To such harangues, delivered with a pretty air of mockery and
extravagance, which was never allowed to get out of hand, Isoult
listened as she had listened to the cheerful prophetics of the Abbess
of Gracedieu, with her gentle smile and her locked lips. Maulfry
talked by the hour together while she and Isoult sat weaving a
tapestry. For the philosopher which it seemed she was, the subject of
the piece was very pleasant. It was the story of Troilus and
Cresseide, no less, wherein Sir Pandarus, (departing from the custom)
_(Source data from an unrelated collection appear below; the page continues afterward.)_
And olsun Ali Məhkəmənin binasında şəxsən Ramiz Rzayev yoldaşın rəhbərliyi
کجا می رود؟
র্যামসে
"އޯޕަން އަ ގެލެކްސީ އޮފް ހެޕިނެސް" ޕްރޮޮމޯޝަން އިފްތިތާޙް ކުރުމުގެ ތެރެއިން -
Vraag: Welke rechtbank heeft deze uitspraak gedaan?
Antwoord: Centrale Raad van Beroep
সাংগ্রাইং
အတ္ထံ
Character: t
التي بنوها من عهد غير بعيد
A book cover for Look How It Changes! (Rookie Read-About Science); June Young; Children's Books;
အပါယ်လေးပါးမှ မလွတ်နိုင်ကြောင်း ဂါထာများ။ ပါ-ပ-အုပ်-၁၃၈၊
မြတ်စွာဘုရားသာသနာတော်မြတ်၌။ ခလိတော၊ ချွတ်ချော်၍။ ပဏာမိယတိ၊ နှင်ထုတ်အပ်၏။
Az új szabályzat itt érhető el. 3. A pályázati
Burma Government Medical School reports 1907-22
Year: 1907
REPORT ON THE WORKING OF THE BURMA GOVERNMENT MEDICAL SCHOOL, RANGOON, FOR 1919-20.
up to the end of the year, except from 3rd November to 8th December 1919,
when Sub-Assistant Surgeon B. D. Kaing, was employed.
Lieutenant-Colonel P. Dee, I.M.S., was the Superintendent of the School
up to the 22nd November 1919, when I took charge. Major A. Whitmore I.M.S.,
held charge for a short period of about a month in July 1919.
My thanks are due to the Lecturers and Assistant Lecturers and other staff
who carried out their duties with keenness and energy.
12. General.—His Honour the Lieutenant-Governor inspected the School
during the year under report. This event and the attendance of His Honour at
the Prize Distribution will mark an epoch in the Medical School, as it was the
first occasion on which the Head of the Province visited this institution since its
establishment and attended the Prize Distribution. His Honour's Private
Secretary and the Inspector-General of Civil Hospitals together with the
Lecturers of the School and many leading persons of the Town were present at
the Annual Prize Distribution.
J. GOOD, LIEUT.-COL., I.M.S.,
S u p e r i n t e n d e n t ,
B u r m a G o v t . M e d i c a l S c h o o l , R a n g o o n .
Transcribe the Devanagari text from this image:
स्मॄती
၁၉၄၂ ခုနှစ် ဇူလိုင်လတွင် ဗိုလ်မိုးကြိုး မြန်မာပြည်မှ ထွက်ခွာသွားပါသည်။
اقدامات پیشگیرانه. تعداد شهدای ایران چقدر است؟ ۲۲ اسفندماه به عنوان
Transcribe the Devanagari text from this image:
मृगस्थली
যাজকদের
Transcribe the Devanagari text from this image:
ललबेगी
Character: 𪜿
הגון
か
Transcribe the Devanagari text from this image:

was represented a young man of tall and handsome presence, and the
triangle of lovers like children. Diomede was an apple-cheeked school-
boy, Troilus had a tunic and bare legs, Cresseide in her spare moments
dandled a doll. Calchas, for his part, kept a dame-school in this
piece, which for the rest was treated with a singular freedom. Isoult,
poor girl, was occasionally troubled at her part of the work; but the
philosopher laughed heartily at her.
"What ails thee with the piece, child?" she would cry out in her
hearty way. "Dost thou think lovers are men and women, to be taken
seriously? It is to be hoped they are not, forsooth! For if they are
not innocent, what shall be said of their antics?" and more to the
same tune.
While affecting to treat her with freedom, Maulfry kept in reality a
steady rein.
"Go out?" she would cry in mock dismay, at the least hint of such a
wish from the girl--"why under the sun should we go out? To see a
thicket of twigs and breathe rotten vapours? Or do you think we have
processions passing in and out of the tree-trunks? Ah, minx, 'tis a
procession of one you would be spying for! Nay, nay, never look big
eyes at me, child. I know your processioner better than you. He will
come in his time; and whether he come through the door or down the
stairs I cannot tell you yet. Who taught you, pray, that he was in the
wood? Not I, I vow. Why should he not be skulking in the blue alcove
awaiting the hour? You look thither; how you kindle at a word! Well,
well, go and see for yourself if he is in the blue alcove."
Poor trembling Isoult went on tiptoe, was fool enough to peep through
the curtains, but good soul enough to take Maulfry's railing in fair
part. She got as much as she deserved, and the joke was none too good
perhaps; but as a trick, it sufficed to keep her on the fine edge of
expectation. She dared not go out for fear of missing Prosper. She
grew so tight-strung as to doubt of nothing. Had Maulfry told her he
would be with them to supper on such and such a night, she would have
come shaking to the meal, rosy as a new bride, nothing doubting but
that the next lift of her shy eyes would reveal him before her. Thus
Maulfry by hints in easy degrees led her on; and not only did she not
dare to go out, but she lost all wish to peer for him in the wood,
because she had been led to the conviction that he was actually in the
tower--a mysterious, harboured visitant who would appear late or soon,
obedient to his destiny. A door even was pointed at, smiled and winked
at, passed by light-foot as they went along the gallery. Maulfry had a
biting humour which sometimes led her further than she was aware.